2.1. Calculating Direct Contributions

Because all but one of Michigan’s breweries were classified as craft breweries in 2016, and because the Brewers Association (BA) tracks commercial craft beer production, estimates of the production of craft beer by volume were provided by the BA statistics to be 846,029 barrels [11]. The volume of production from the one non-craft beer brewery was added to get the total volume of beer produced in-state. This beer may be packaged in barrel form for draft sales or may be packaged in bottles and cans. Using national statistics, about 61 percent of beer purchases are in the form of kegs, while the remaining 39 percent is sold by the bottle or can [37]. Additionally, the market research firm Mintel provides an estimate of where consumers purchase beer based on household surveys, showing that 79 percent of beer is consumed away from home [18]. Applying estimated sales values to volume allowed us to isolate estimates of the economic contributions of on-premise and off-premise sales channels. Assuming equitable combinations of inputs, except for beer packaging, in the brewing process and all associated agricultural inputs, the remainder of the up-stream value chain can be estimated in the aggregate based on the volume of in-state production.
Through discussions with growers and maltsters, it was determined that malting barley production largely follows standard winter and spring grain production processes, by which the IMPLAN software is readily sufficient for estimating. Similarly, as craft beer production differs from that of national brands, which are largely represented in the IMPLAN transactions table, the standard IMPLAN production function for beer brewing was modified to account for added barley and hops. More specifically, while barley use per barrel of beer is typically higher for craft beer over conventional beers [12], much of this represents a substitution of rice for barley. However, rice and barley are grouped into a single category in IMPLAN under the category of grain farming. Since barley is produced in-state while rice is not, the substitution of barley for rice represents a reduction of the intermediate imports of rice, which is not grown in Michigan, with more barley, which is grown instate. Additionally, separate accounting for wheat beers is not necessary in the IMPLAN software, as wheat and barley represent similar inputs by volume [12] under IMPLAN’s grain farming sector.

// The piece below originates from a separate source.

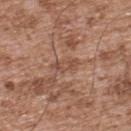Clinical impression: Captured during whole-body skin photography for melanoma surveillance; the lesion was not biopsied. Acquisition and patient details: A male patient aged 53–57. This image is a 15 mm lesion crop taken from a total-body photograph. Located on the back. The lesion-visualizer software estimated an area of roughly 3 mm², an eccentricity of roughly 0.9, and a shape-asymmetry score of about 0.45 (0 = symmetric). The analysis additionally found roughly 7 lightness units darker than nearby skin and a normalized lesion–skin contrast near 5.5. The software also gave border irregularity of about 4.5 on a 0–10 scale, internal color variation of about 0.5 on a 0–10 scale, and radial color variation of about 0. Captured under white-light illumination.

As both malting wheat and barley are grown in Michigan, substituting barley with wheat does not represent a shift in import shares. Finally, hop use is also heavier in craft beer, but as hops make up a minute input by volume, the overall change of hop shares in the baseline production function is minute. Hops are vegetables and therefore reflect added vegetable inputs into the production process, which falls into the IMPLAN category “vegetables and melon farming”.
Under this approach, estimates exclude the contribution of imported beers into the state, where imports include domestic and foreign beers produced outside of but imported into Michigan. Hence, the estimated contributions reflect that of the beer production value chain in Michigan, but not the entirety of the economic contribution of the beer industry as a whole. One can argue that food sales through brewpubs should be included in economic contribution estimates, as food sales complement beer sales from these venues. Rather than asserting that food sold through brewpubs contributes to Michigan’s beer value chain, we opted to separate the two and focus only on contributions directly arising from the production and sale of Michigan-produced beer. To be sure, on-premise sales can accrue through food and drinking establishments, but may also entail hotels, casinos, sporting and community event venues, and other recreation outlets, outside of food and drinking establishments where beer is typically sold. However, we modelled on-premise sales as if taking place in food and drinking establishments, as the underlying production functions likely better represent the actual food and drink value chains of these alternative venues. This is also a simplifying assumption, freeing us from sorting out the values of different on-premise venues that beer is sold through.
As IMPLAN is driven on sales values, not volume of production, we must convert the volume of production into actual sales values. To do this, we broke out volume into three categories: (1) On-premise drafts, (2) on-premise bottled/canned and (3) off-premise bottled/canned. Each were assigned an average price per volume, as described below. Because the IMPLAN production function for brewing beer is dominated by larger, national brand processors, the production functions were modified based on industry interviews discussed by Miller [38]. These modifications emphasize deeper ties to local supply chains of barley and hops and deemphasize rice imports through modified regional purchase coefficients. Similarly, the trade sector retail and wholesale shares of local supply from breweries is increased, as well as that for food sector inputs.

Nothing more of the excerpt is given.